List of issues with severity tuned in release 140
List of issues with severity changed from CRITICAL to WARNING
- Frequent TCP fails
- Elasticsearch is rejecting bulk and index requests
- Permanent TCP retransmissions
- Frequent TCP errors
- System load too high
- Abnormally high backend commit duration (more than 5 seconds).
- Abnormally high snapshot duration (more than 5 seconds).
- Usage of open file descriptors is critical.
- Proposals being applied, started to fall, in last minute.
- Failed proposals started to rise, in last minute.
- Redis is rejecting connections
- Thread creation is failing. (Varnish)
- Varnish is out of worker threads, it is queueing up requests.
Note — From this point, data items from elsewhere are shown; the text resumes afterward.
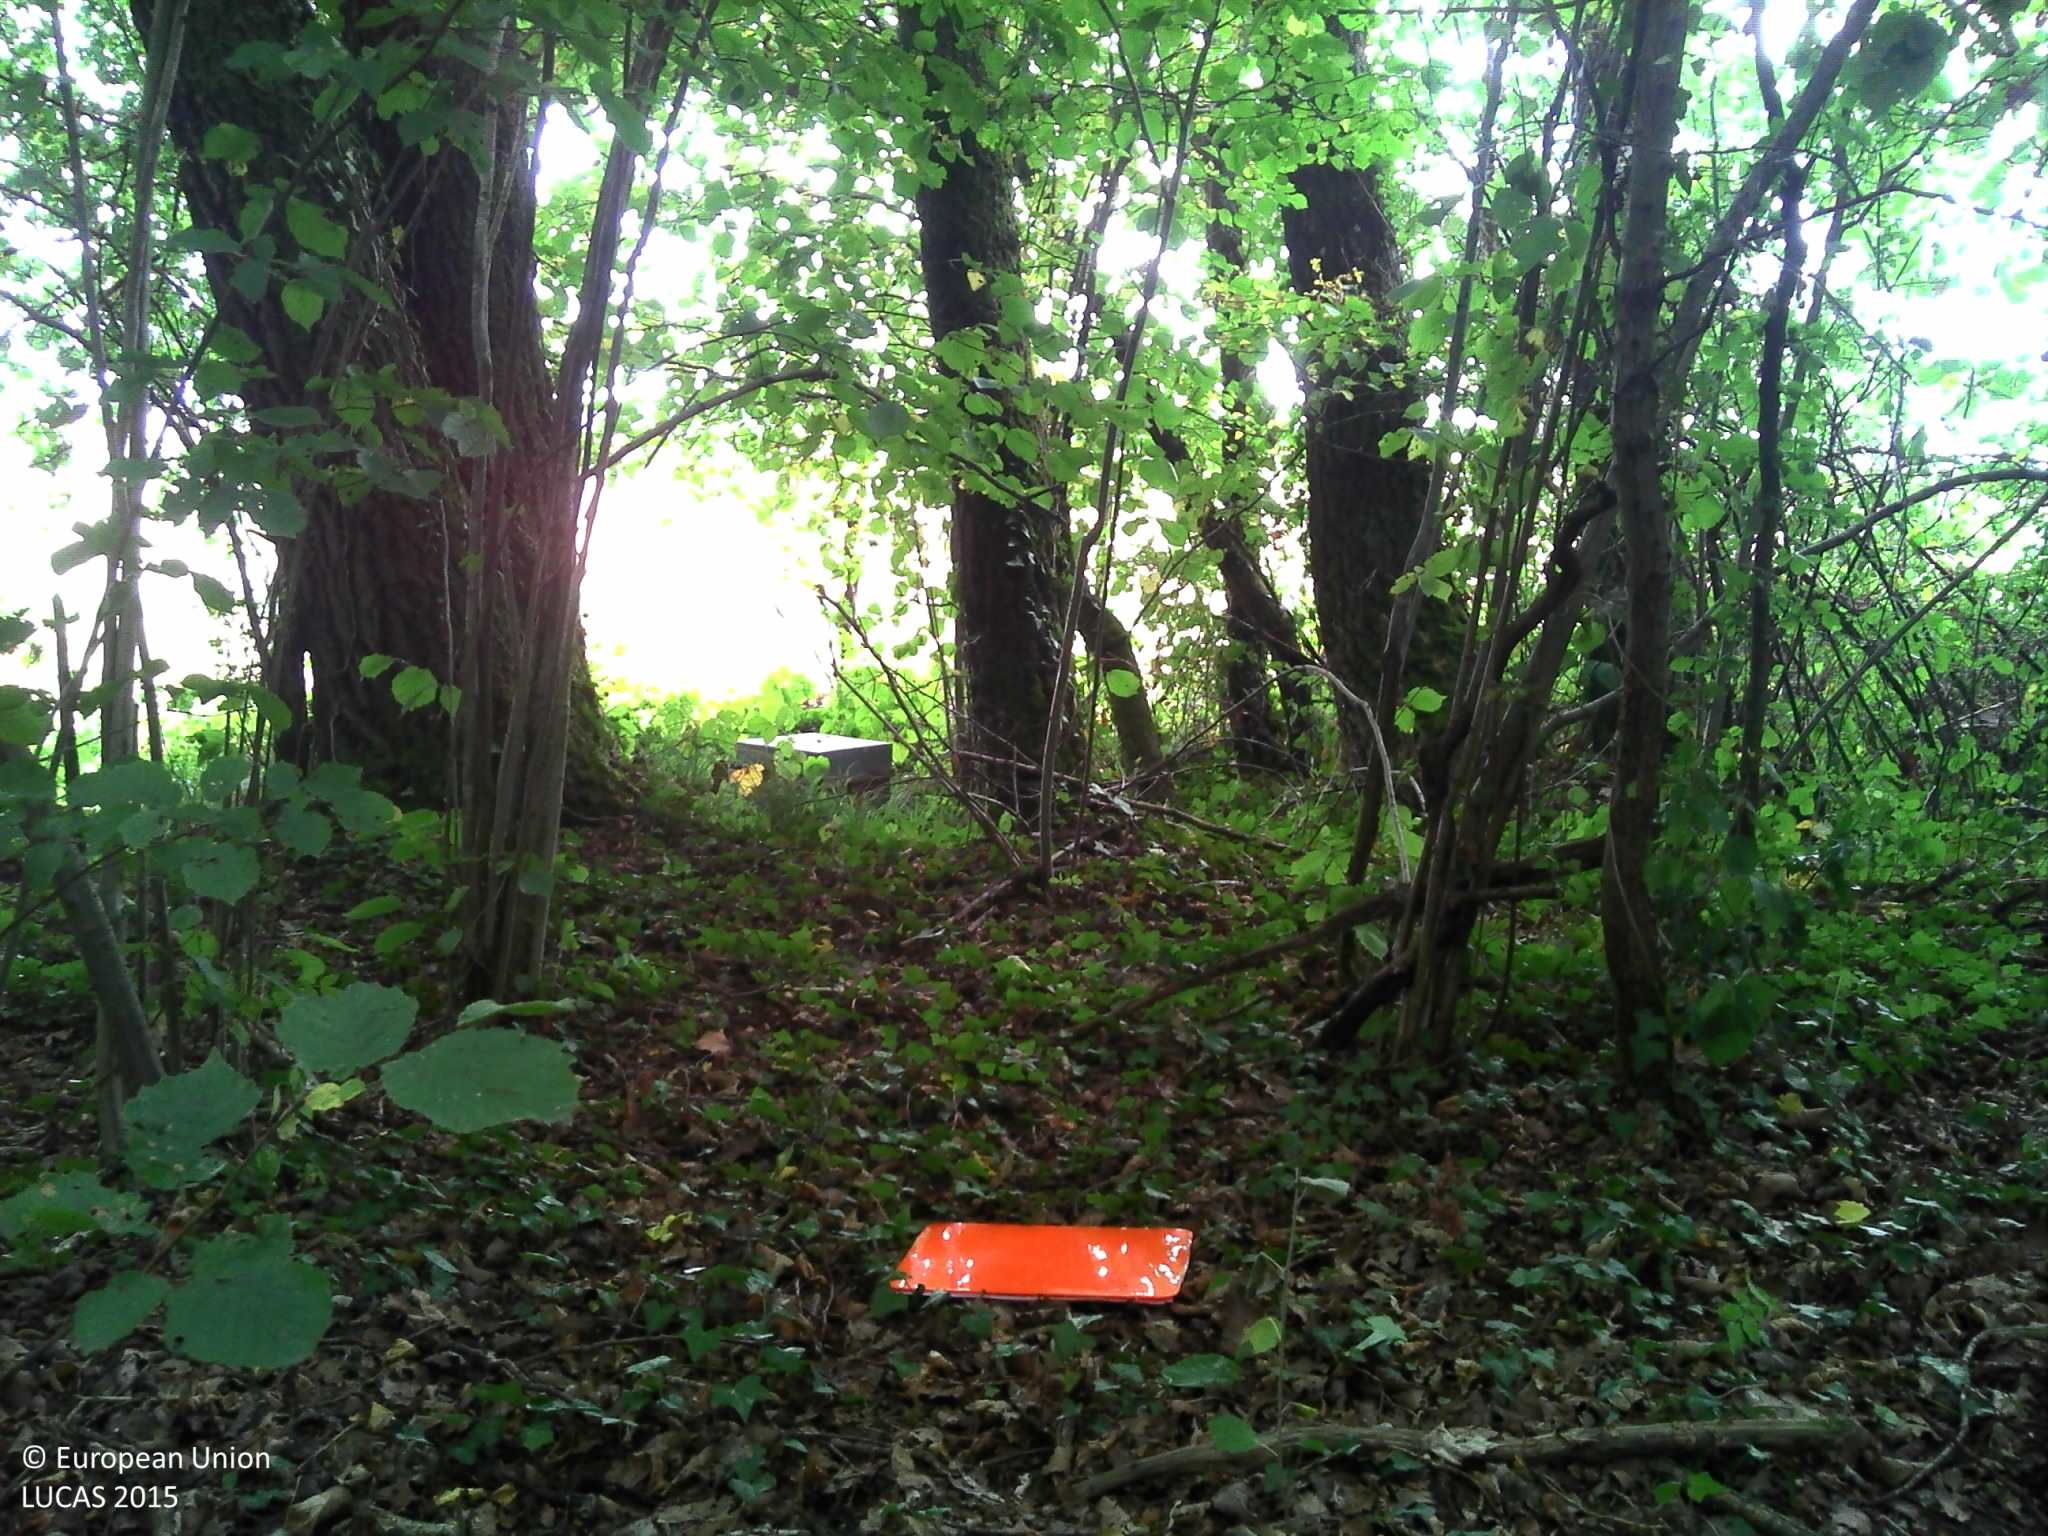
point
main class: Woodland
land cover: Broadleaved woodland
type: mesophytic deciduous forest
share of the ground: > 75 %
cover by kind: broadleaved forest trees 40 %, herbaceous plants 35 %, unconsolidated bare surface 15 %, lichens and mosses 5 %
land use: Forestry
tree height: > 5 m
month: August
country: FR
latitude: 49.2174
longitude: 3.7198
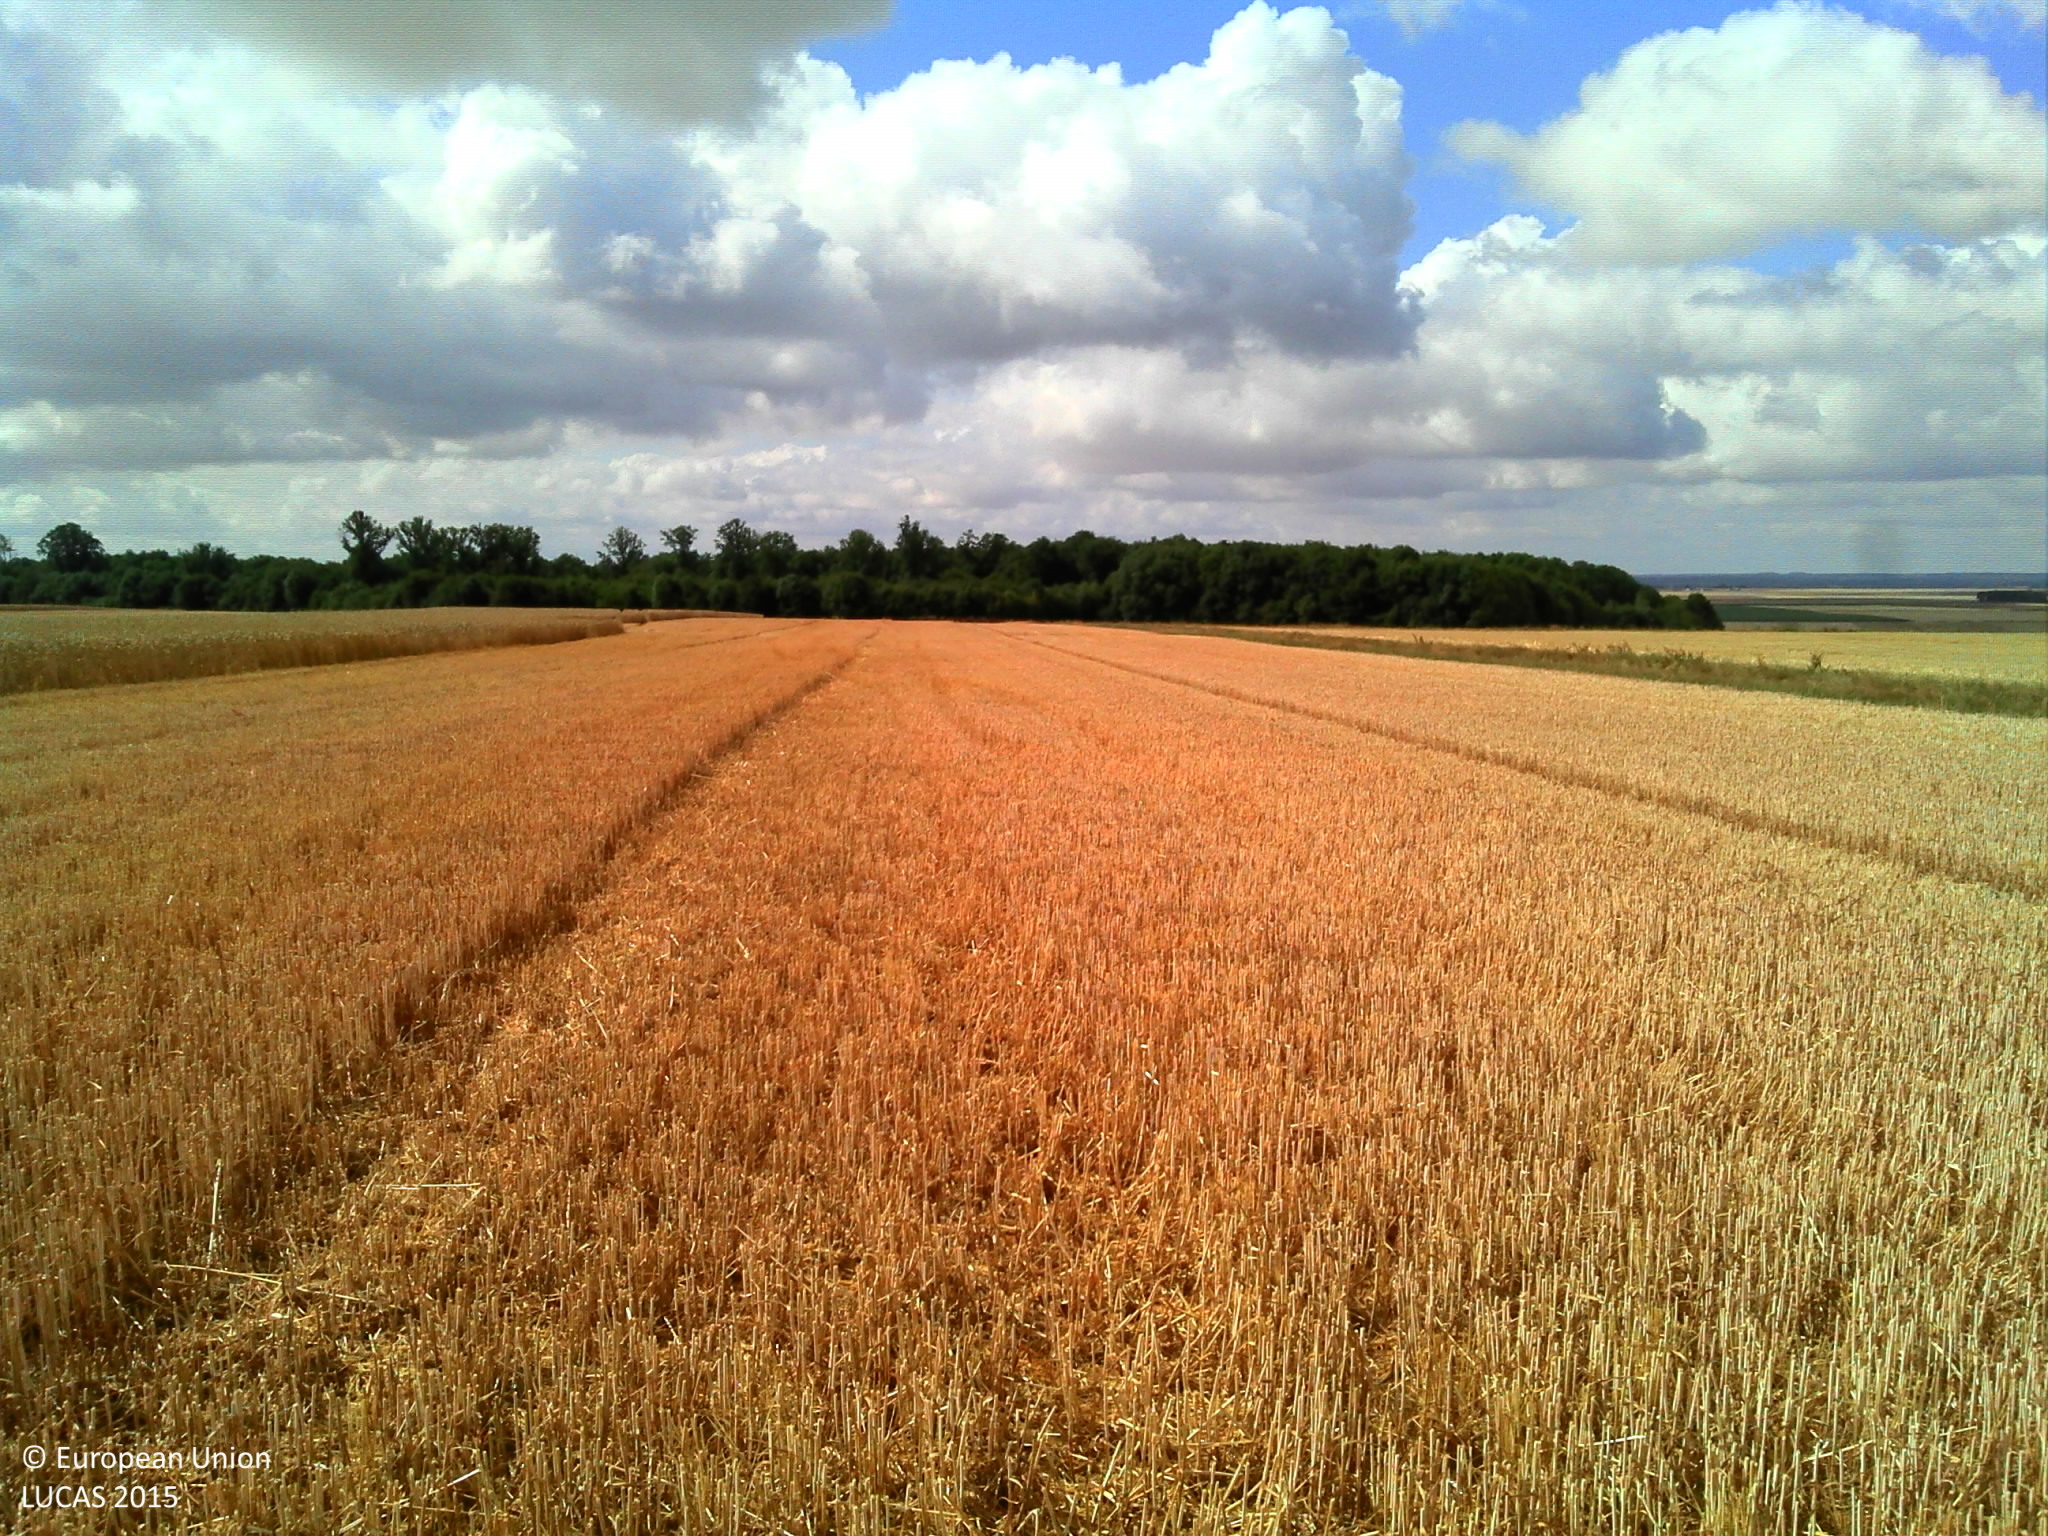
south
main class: Cropland
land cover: Common wheat
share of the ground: > 75 %
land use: Agriculture (excluding fallow land and kitchen gardens)
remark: Harvested field
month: July
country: FR
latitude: 48.5243
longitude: 1.2206

- Flush all command executed.
- Region server block cache hit ratio is as follows 40%.
- Blocked Threadpools
- Dropped Messages
- Number of queued requests is larger than 500.
- Too much memory used for the Elasticsearch heap leaving not enough memory for Lucene
- Elasticsearch node status is RED
- Elasticsearch node is at the capacity limit
- Heap usage above 95%
- Elasticsearch node is at the capacity limit while relocating/rebalancing
- DL queue size is growing
- Queue is filling
- RabbitMQ Erlang Processes count is critical on node
- RabbitMQ File Descriptors Usage is critical on node
- HAProxy frontend session usage is bigger than 95%
- Resource manager is reporting lost node(s)
- Spark standalone master is reporting dead worker(s)
- Scheduling delay is increasing too fast thus application is falling behind
- Scheduling delay is too high and application is lagging
- Kafka request handler thread is under high load
- Kafka network thread is under high load
- Kafka under-replicated partition
- Maximum request latency is high. (more than 100ms).
- Garbage Collection Activity High (when GC time is less than 80%)
List of issues with severity changed from WARNING to CRITICAL
- CPU credit balance reached zero for this RDS instance.